* Goal of the exercise:
Copy all lines below exactly as written. Leave pictures out.

* Dataset entries:
-.-.-

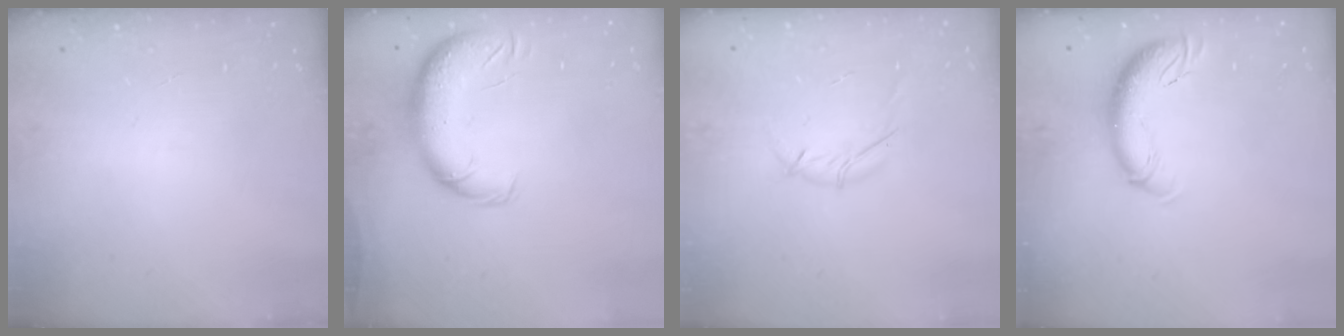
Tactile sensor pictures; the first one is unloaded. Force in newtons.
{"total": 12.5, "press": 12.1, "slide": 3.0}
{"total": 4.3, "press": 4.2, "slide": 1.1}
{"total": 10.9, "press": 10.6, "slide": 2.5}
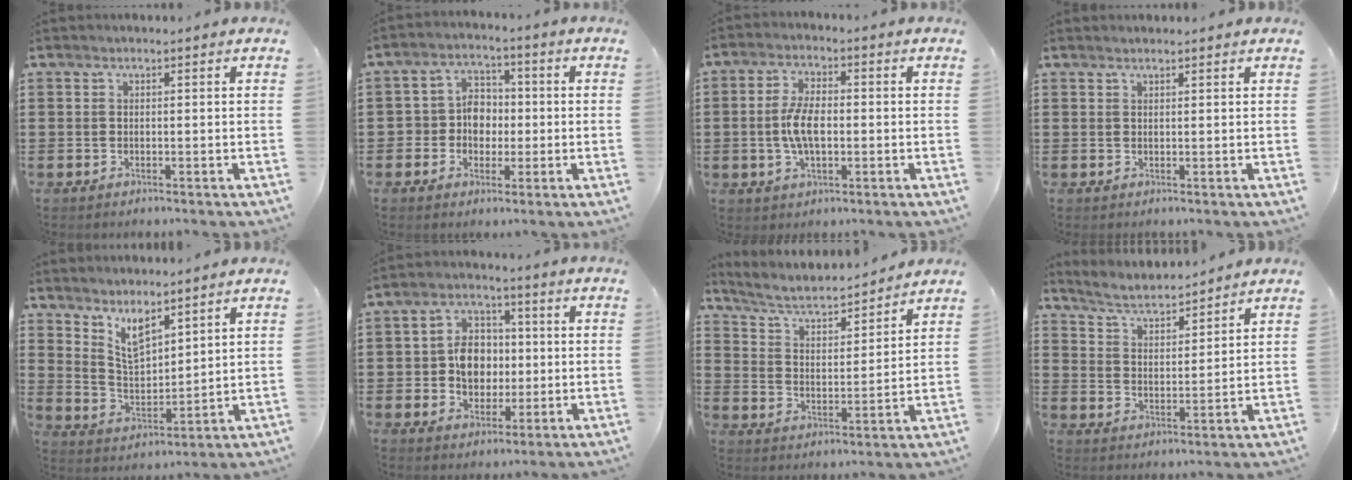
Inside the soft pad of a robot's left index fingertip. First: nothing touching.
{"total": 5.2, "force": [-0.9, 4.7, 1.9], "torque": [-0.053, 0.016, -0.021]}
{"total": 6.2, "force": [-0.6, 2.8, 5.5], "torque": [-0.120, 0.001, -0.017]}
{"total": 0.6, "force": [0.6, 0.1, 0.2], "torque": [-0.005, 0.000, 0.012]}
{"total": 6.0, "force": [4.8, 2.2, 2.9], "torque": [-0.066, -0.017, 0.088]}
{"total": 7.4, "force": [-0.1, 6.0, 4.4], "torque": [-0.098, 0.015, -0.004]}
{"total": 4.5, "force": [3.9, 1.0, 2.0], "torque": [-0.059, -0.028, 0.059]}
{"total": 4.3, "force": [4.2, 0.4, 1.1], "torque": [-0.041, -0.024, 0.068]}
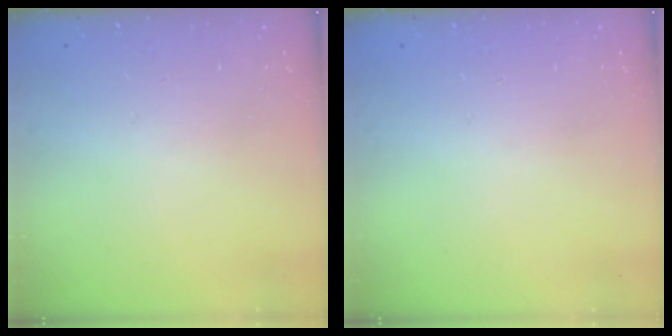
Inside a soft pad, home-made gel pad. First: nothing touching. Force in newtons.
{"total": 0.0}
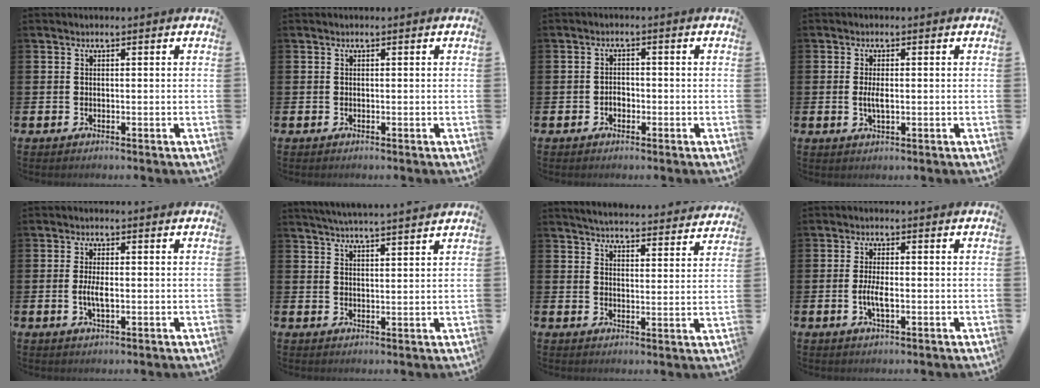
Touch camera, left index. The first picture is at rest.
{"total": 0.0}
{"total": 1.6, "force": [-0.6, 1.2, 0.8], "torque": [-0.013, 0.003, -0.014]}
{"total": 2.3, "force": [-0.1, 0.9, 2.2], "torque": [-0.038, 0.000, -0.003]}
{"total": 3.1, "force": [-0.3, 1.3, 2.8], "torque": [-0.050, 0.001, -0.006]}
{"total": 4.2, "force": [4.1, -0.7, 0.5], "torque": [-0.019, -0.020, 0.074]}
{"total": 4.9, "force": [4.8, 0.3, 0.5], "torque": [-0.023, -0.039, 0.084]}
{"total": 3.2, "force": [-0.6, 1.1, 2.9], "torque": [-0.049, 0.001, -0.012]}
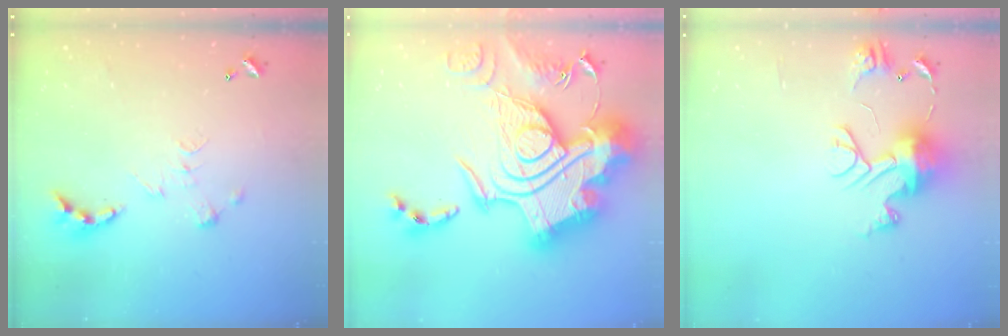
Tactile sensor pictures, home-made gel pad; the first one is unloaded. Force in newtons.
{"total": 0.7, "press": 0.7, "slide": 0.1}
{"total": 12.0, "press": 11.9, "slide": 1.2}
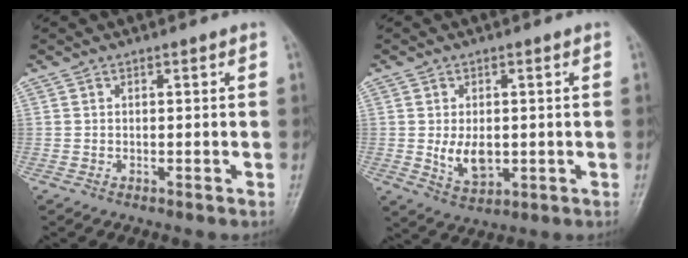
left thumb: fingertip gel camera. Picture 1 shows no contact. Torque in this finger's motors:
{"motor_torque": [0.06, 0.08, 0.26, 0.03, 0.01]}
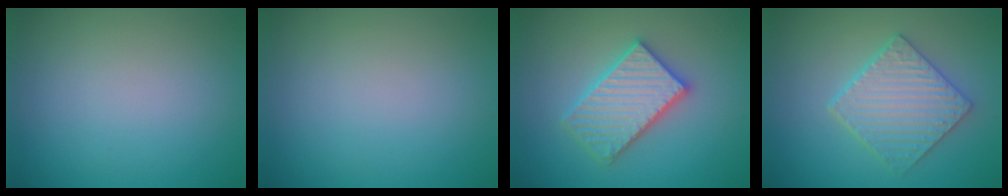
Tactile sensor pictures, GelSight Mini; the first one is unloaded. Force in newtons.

-.-.-

* Output for this task:
Tactile sensor pictures; the first one is unloaded. Force in newtons.
{"total": 12.5, "press": 12.1, "slide": 3.0}
{"total": 4.3, "press": 4.2, "slide": 1.1}
{"total": 10.9, "press": 10.6, "slide": 2.5}
Inside the soft pad of a robot's left index fingertip. First: nothing touching.
{"total": 5.2, "force": [-0.9, 4.7, 1.9], "torque": [-0.053, 0.016, -0.021]}
{"total": 6.2, "force": [-0.6, 2.8, 5.5], "torque": [-0.120, 0.001, -0.017]}
{"total": 0.6, "force": [0.6, 0.1, 0.2], "torque": [-0.005, 0.000, 0.012]}
{"total": 6.0, "force": [4.8, 2.2, 2.9], "torque": [-0.066, -0.017, 0.088]}
{"total": 7.4, "force": [-0.1, 6.0, 4.4], "torque": [-0.098, 0.015, -0.004]}
{"total": 4.5, "force": [3.9, 1.0, 2.0], "torque": [-0.059, -0.028, 0.059]}
{"total": 4.3, "force": [4.2, 0.4, 1.1], "torque": [-0.041, -0.024, 0.068]}
Inside a soft pad, home-made gel pad. First: nothing touching. Force in newtons.
{"total": 0.0}
Touch camera, left index. The first picture is at rest.
{"total": 0.0}
{"total": 1.6, "force": [-0.6, 1.2, 0.8], "torque": [-0.013, 0.003, -0.014]}
{"total": 2.3, "force": [-0.1, 0.9, 2.2], "torque": [-0.038, 0.000, -0.003]}
{"total": 3.1, "force": [-0.3, 1.3, 2.8], "torque": [-0.050, 0.001, -0.006]}
{"total": 4.2, "force": [4.1, -0.7, 0.5], "torque": [-0.019, -0.020, 0.074]}
{"total": 4.9, "force": [4.8, 0.3, 0.5], "torque": [-0.023, -0.039, 0.084]}
{"total": 3.2, "force": [-0.6, 1.1, 2.9], "torque": [-0.049, 0.001, -0.012]}
Tactile sensor pictures, home-made gel pad; the first one is unloaded. Force in newtons.
{"total": 0.7, "press": 0.7, "slide": 0.1}
{"total": 12.0, "press": 11.9, "slide": 1.2}
left thumb: fingertip gel camera. Picture 1 shows no contact. Torque in this finger's motors:
{"motor_torque": [0.06, 0.08, 0.26, 0.03, 0.01]}
Tactile sensor pictures, GelSight Mini; the first one is unloaded. Force in newtons.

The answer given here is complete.